─── PROVIDED RECORDS

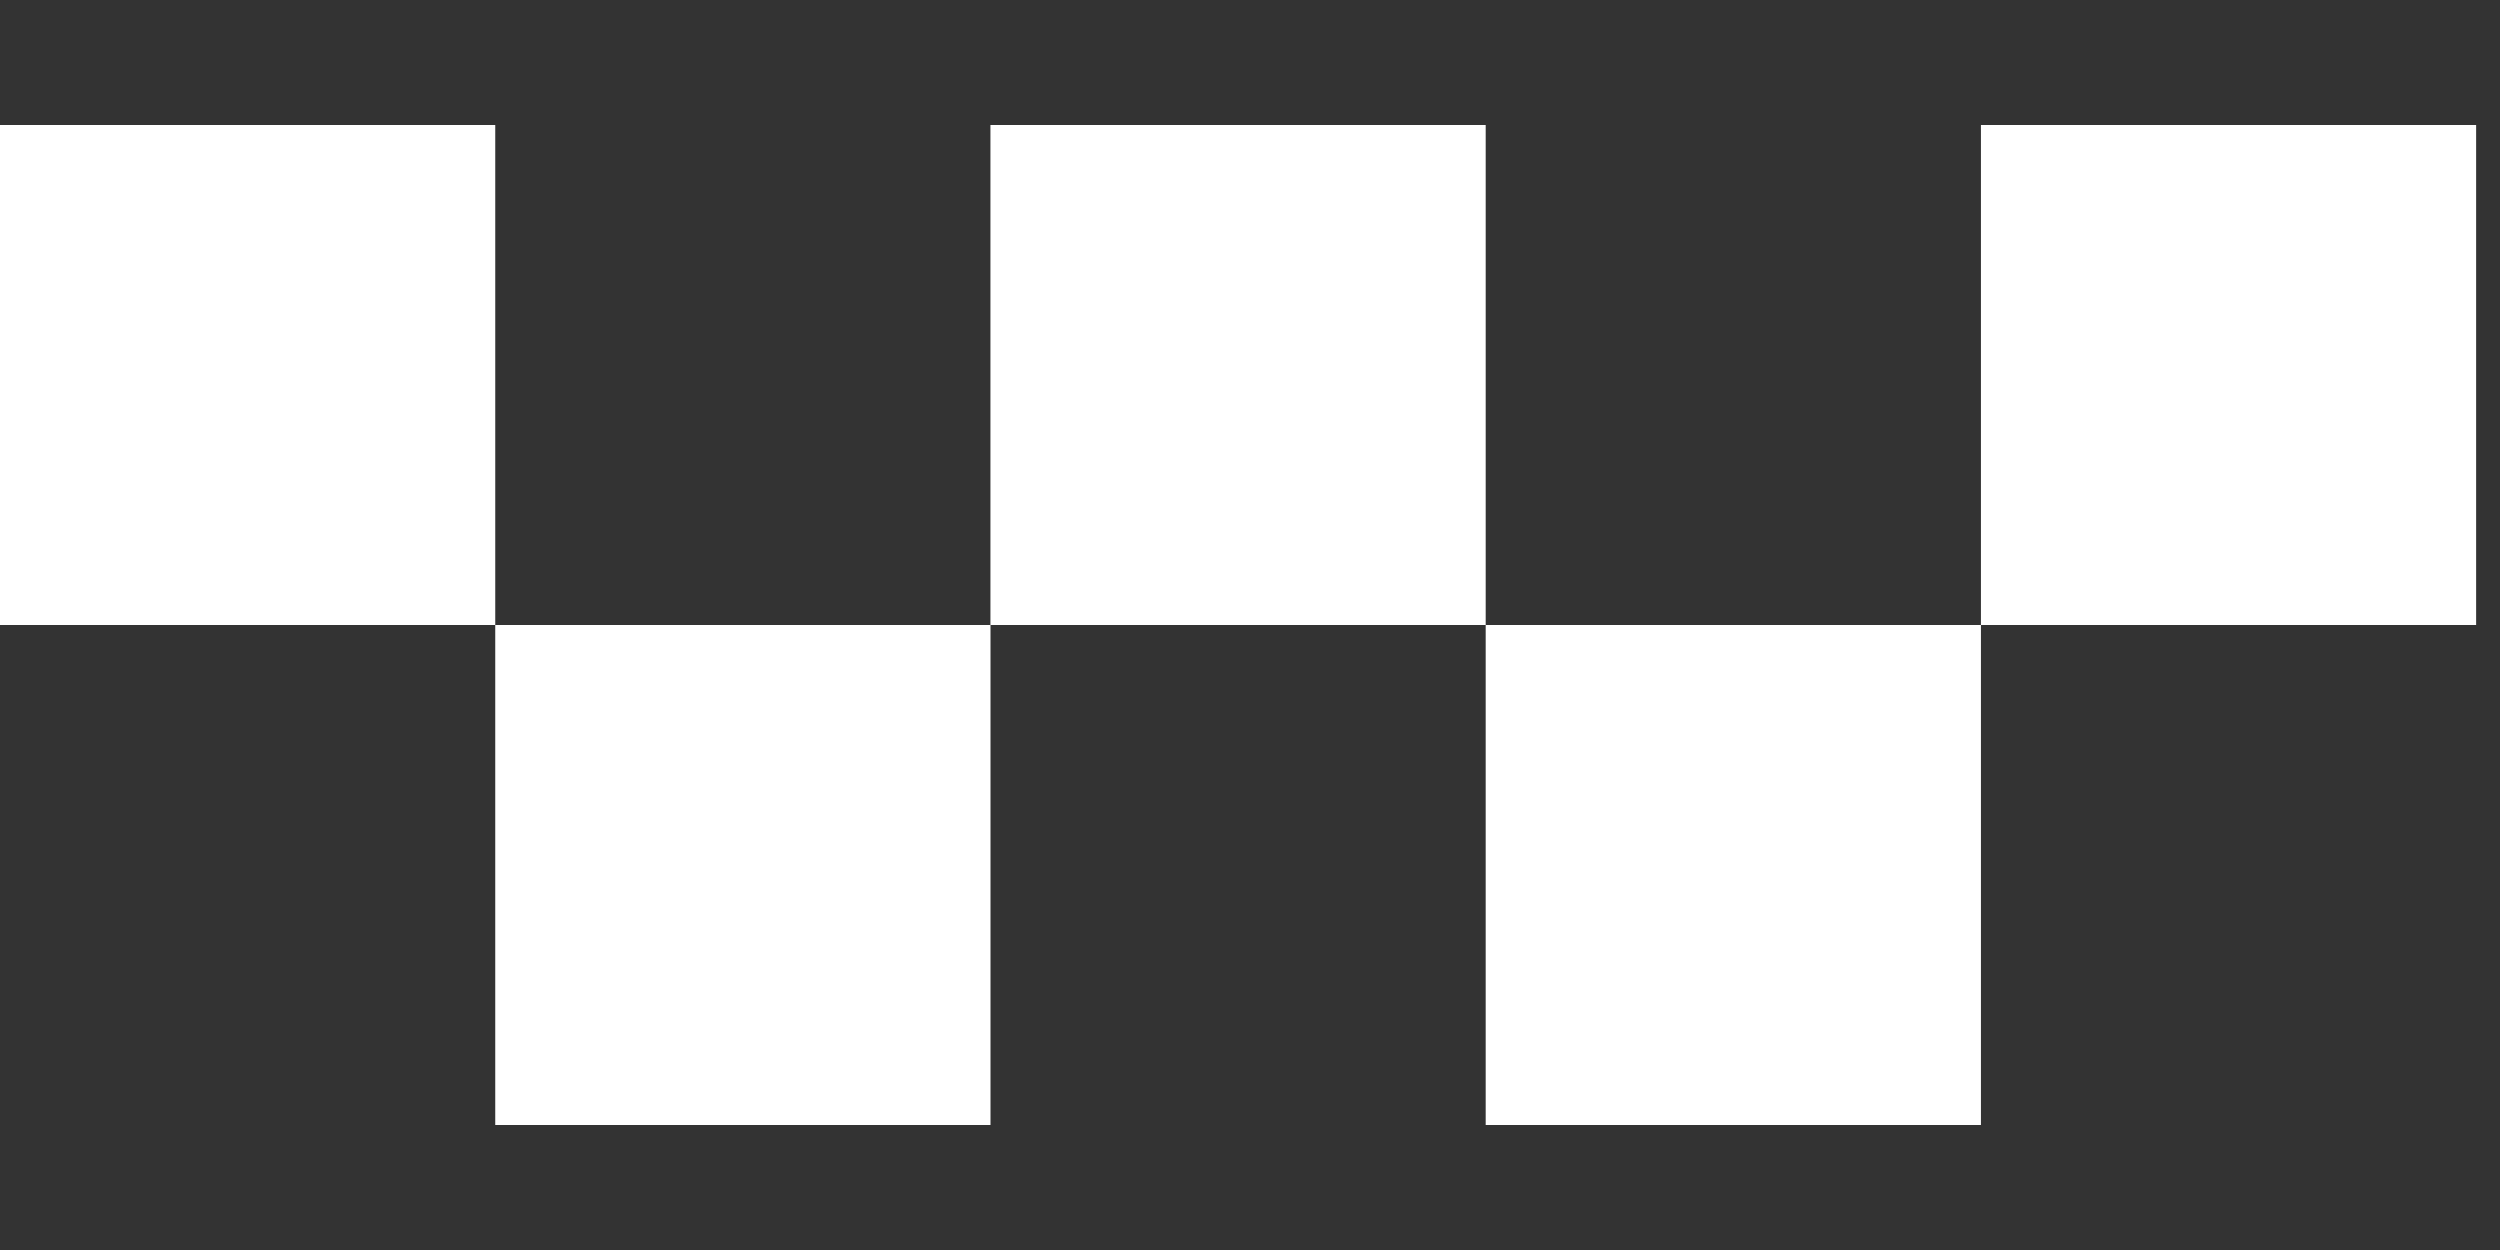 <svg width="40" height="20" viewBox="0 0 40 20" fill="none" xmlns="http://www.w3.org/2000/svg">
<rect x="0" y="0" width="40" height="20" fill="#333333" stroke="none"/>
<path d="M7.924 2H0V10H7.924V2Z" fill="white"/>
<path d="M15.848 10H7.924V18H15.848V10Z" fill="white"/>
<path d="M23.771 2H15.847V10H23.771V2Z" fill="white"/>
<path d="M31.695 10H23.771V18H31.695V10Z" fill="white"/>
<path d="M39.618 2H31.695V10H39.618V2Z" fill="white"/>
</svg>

──────
─── PROVIDED RECORDS

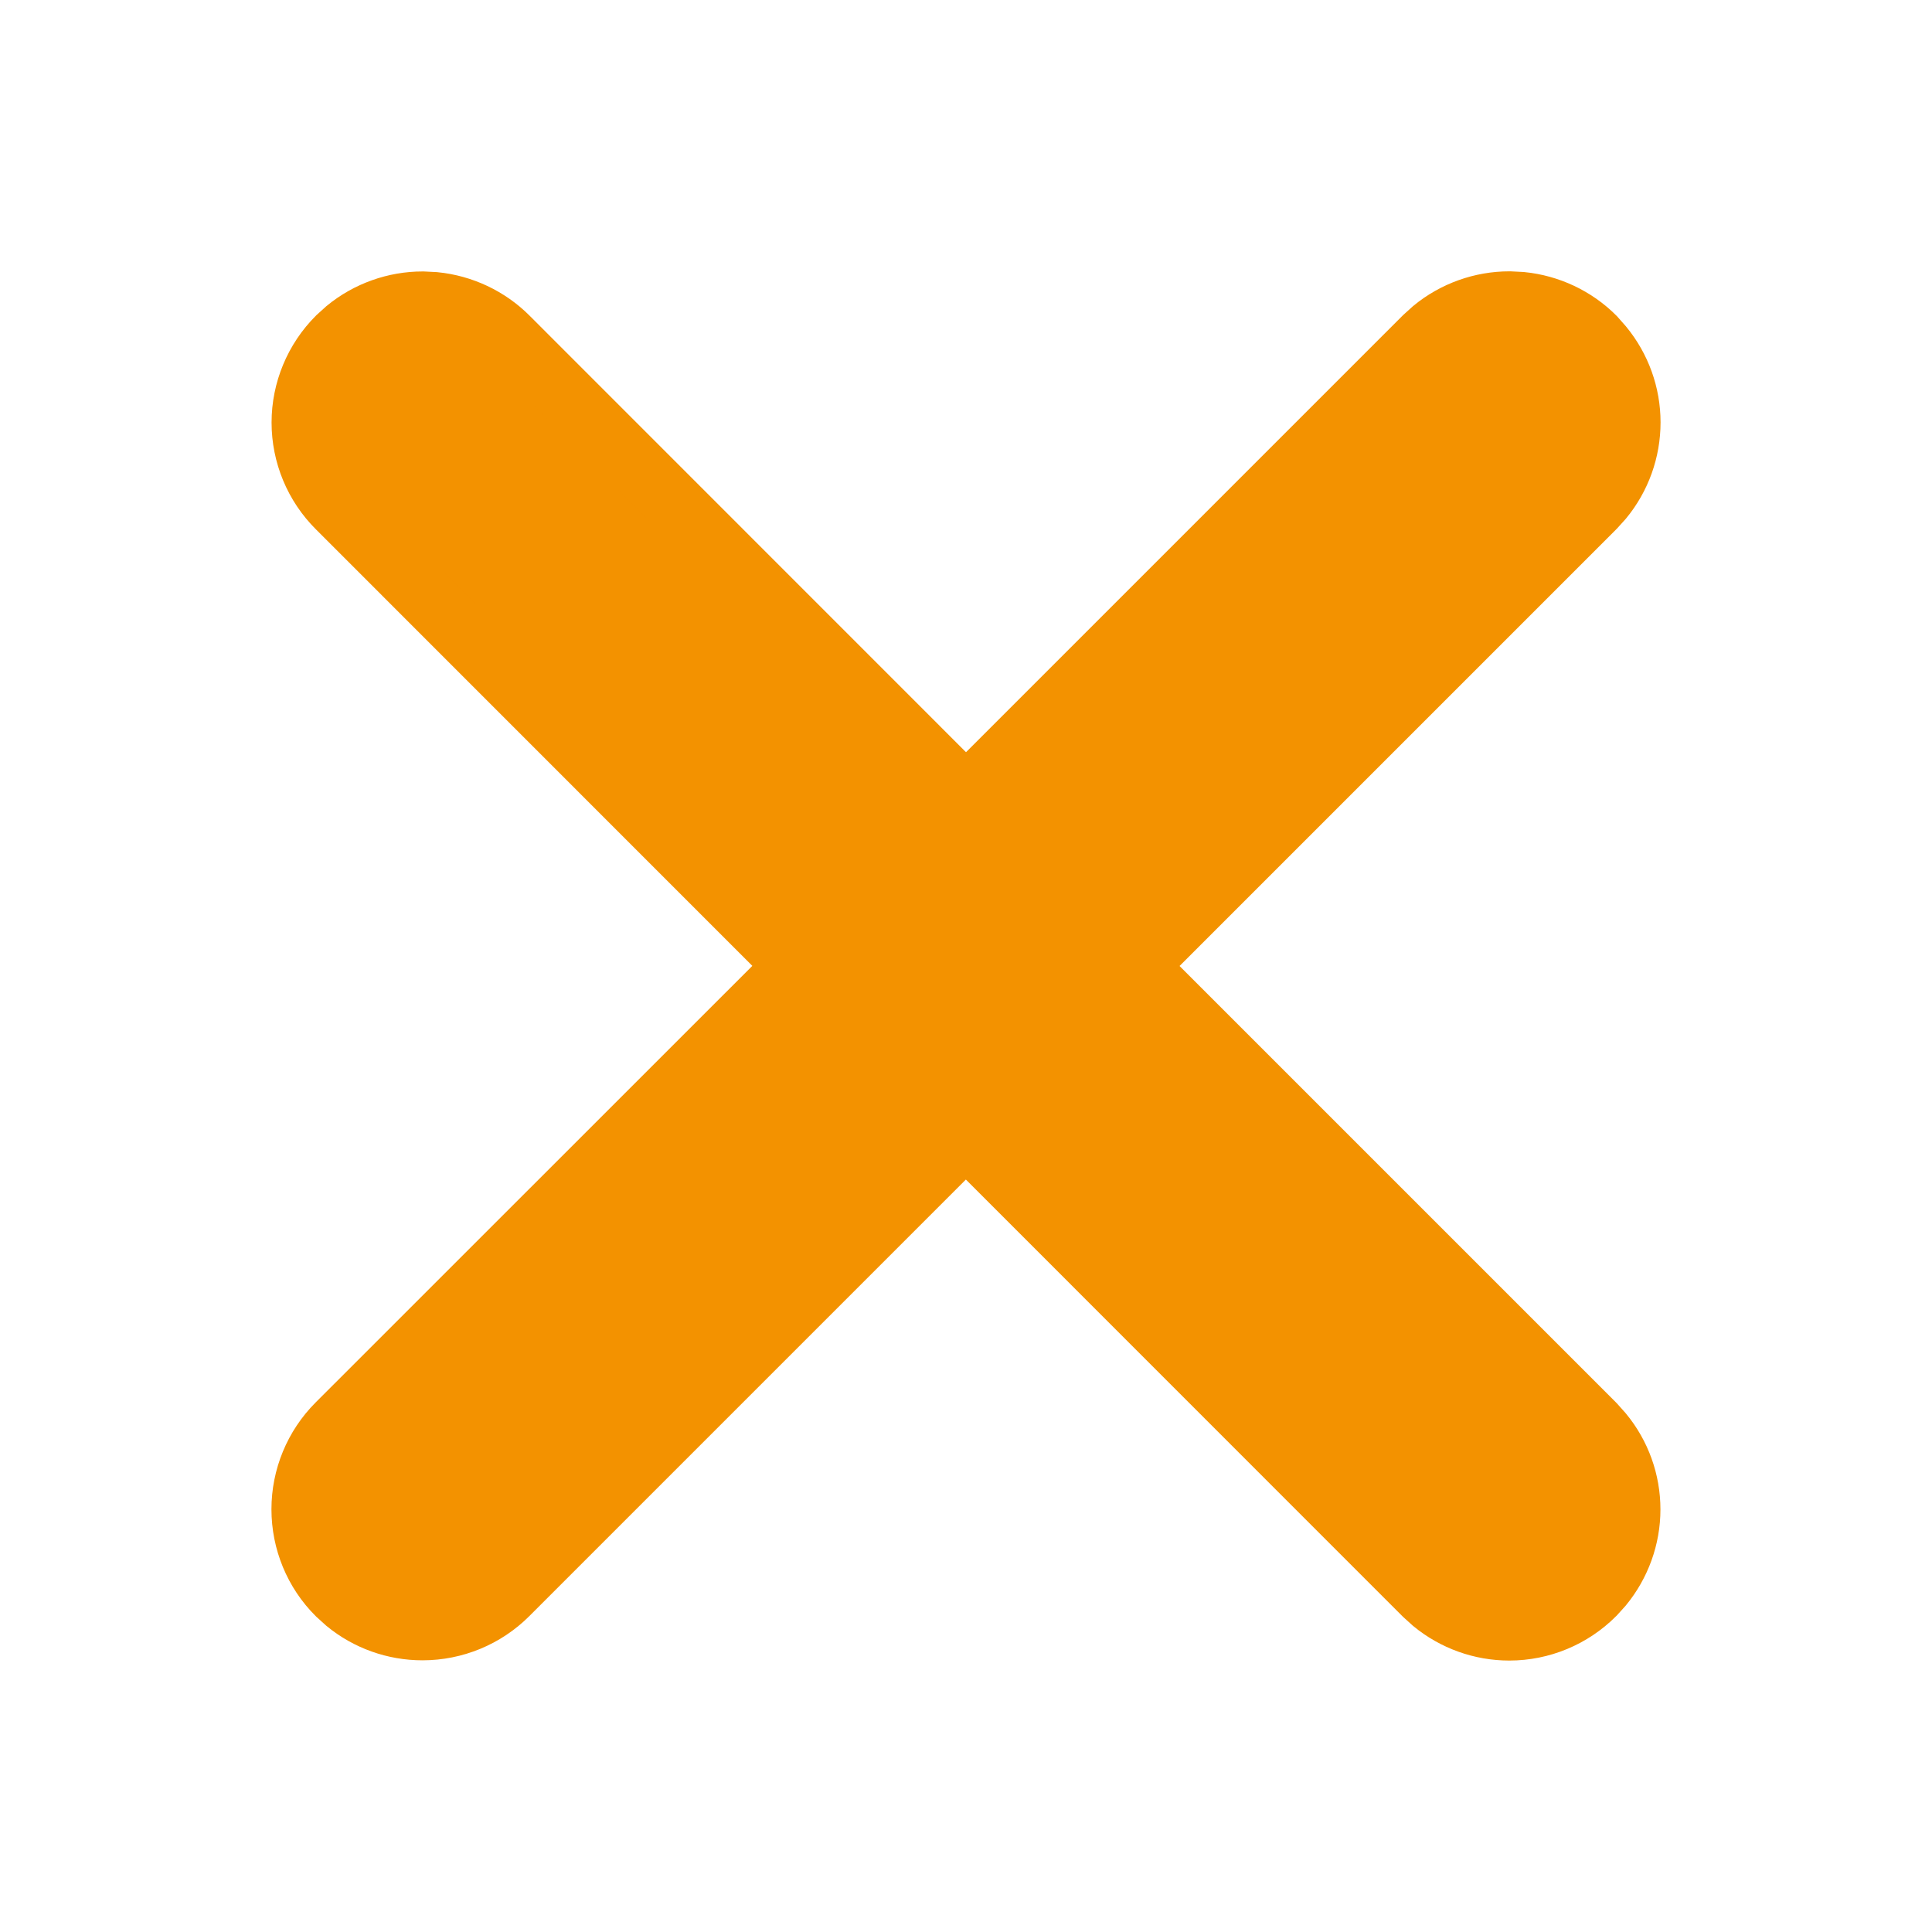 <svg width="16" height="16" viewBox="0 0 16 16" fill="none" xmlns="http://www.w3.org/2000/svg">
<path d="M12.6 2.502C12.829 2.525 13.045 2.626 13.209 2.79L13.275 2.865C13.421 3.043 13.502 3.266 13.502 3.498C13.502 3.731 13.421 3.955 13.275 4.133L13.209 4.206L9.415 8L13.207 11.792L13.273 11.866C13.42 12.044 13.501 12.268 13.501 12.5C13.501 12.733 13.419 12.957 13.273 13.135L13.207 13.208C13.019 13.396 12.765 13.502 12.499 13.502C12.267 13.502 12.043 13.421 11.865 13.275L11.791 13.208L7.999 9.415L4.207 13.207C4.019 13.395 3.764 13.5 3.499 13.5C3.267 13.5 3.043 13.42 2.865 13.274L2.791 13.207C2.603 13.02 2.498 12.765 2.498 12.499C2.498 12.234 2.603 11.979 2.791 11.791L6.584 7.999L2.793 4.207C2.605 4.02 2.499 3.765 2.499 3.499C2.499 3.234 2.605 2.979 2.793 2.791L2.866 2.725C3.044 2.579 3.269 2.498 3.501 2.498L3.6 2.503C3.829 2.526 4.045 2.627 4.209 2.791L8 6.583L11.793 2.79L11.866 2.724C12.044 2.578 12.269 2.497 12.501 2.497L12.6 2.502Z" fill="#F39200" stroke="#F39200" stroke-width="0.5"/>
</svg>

──────

REQUIREMENT: Scan the data above for the word "stroke" and report every line where it is found.

WRITTEN ANSWER:
<rect x="0" y="0" width="40" height="20" fill="#333333" stroke="none"/>
<path d="M12.6 2.502C12.829 2.525 13.045 2.626 13.209 2.79L13.275 2.865C13.421 3.043 13.502 3.266 13.502 3.498C13.502 3.731 13.421 3.955 13.275 4.133L13.209 4.206L9.415 8L13.207 11.792L13.273 11.866C13.42 12.044 13.501 12.268 13.501 12.5C13.501 12.733 13.419 12.957 13.273 13.135L13.207 13.208C13.019 13.396 12.765 13.502 12.499 13.502C12.267 13.502 12.043 13.421 11.865 13.275L11.791 13.208L7.999 9.415L4.207 13.207C4.019 13.395 3.764 13.5 3.499 13.5C3.267 13.5 3.043 13.42 2.865 13.274L2.791 13.207C2.603 13.02 2.498 12.765 2.498 12.499C2.498 12.234 2.603 11.979 2.791 11.791L6.584 7.999L2.793 4.207C2.605 4.02 2.499 3.765 2.499 3.499C2.499 3.234 2.605 2.979 2.793 2.791L2.866 2.725C3.044 2.579 3.269 2.498 3.501 2.498L3.6 2.503C3.829 2.526 4.045 2.627 4.209 2.791L8 6.583L11.793 2.79L11.866 2.724C12.044 2.578 12.269 2.497 12.501 2.497L12.6 2.502Z" fill="#F39200" stroke="#F39200" stroke-width="0.5"/>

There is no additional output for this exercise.